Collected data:
* * * * * * * * *

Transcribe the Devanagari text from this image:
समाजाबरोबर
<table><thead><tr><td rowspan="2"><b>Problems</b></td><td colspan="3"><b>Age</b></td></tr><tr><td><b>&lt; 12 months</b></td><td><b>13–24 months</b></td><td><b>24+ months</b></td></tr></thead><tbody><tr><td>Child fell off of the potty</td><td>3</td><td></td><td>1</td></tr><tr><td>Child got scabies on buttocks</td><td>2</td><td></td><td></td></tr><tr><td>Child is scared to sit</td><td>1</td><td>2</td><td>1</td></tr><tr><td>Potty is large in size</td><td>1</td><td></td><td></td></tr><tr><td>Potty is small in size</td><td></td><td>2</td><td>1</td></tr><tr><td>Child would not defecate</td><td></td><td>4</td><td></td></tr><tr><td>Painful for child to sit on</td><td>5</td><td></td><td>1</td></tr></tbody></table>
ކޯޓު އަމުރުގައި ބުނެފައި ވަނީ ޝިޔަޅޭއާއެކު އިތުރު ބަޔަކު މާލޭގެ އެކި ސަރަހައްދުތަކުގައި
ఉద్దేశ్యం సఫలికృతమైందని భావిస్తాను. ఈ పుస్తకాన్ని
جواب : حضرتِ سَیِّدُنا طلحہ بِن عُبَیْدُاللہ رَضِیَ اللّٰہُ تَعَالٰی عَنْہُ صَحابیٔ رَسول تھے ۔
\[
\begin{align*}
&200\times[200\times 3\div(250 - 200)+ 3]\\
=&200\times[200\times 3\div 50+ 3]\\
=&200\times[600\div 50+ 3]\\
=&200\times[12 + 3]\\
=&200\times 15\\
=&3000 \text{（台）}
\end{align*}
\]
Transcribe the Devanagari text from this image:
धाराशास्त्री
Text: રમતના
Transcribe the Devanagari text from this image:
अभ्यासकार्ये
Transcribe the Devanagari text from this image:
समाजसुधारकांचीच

* * * * * * * * *

* _DESCRIPTION OF THE TASK_
Every entry above must be copied exactly.

* _ANSWER TO THE EXERCISE_
Transcribe the Devanagari text from this image:
समाजाबरोबर
<table><thead><tr><td rowspan="2"><b>Problems</b></td><td colspan="3"><b>Age</b></td></tr><tr><td><b>&lt; 12 months</b></td><td><b>13–24 months</b></td><td><b>24+ months</b></td></tr></thead><tbody><tr><td>Child fell off of the potty</td><td>3</td><td></td><td>1</td></tr><tr><td>Child got scabies on buttocks</td><td>2</td><td></td><td></td></tr><tr><td>Child is scared to sit</td><td>1</td><td>2</td><td>1</td></tr><tr><td>Potty is large in size</td><td>1</td><td></td><td></td></tr><tr><td>Potty is small in size</td><td></td><td>2</td><td>1</td></tr><tr><td>Child would not defecate</td><td></td><td>4</td><td></td></tr><tr><td>Painful for child to sit on</td><td>5</td><td></td><td>1</td></tr></tbody></table>
ކޯޓު އަމުރުގައި ބުނެފައި ވަނީ ޝިޔަޅޭއާއެކު އިތުރު ބަޔަކު މާލޭގެ އެކި ސަރަހައްދުތަކުގައި
ఉద్దేశ్యం సఫలికృతమైందని భావిస్తాను. ఈ పుస్తకాన్ని
جواب : حضرتِ سَیِّدُنا طلحہ بِن عُبَیْدُاللہ رَضِیَ اللّٰہُ تَعَالٰی عَنْہُ صَحابیٔ رَسول تھے ۔
\[
\begin{align*}
&200\times[200\times 3\div(250 - 200)+ 3]\\
=&200\times[200\times 3\div 50+ 3]\\
=&200\times[600\div 50+ 3]\\
=&200\times[12 + 3]\\
=&200\times 15\\
=&3000 \text{（台）}
\end{align*}
\]
Transcribe the Devanagari text from this image:
धाराशास्त्री
Text: રમતના
Transcribe the Devanagari text from this image:
अभ्यासकार्ये
Transcribe the Devanagari text from this image:
समाजसुधारकांचीच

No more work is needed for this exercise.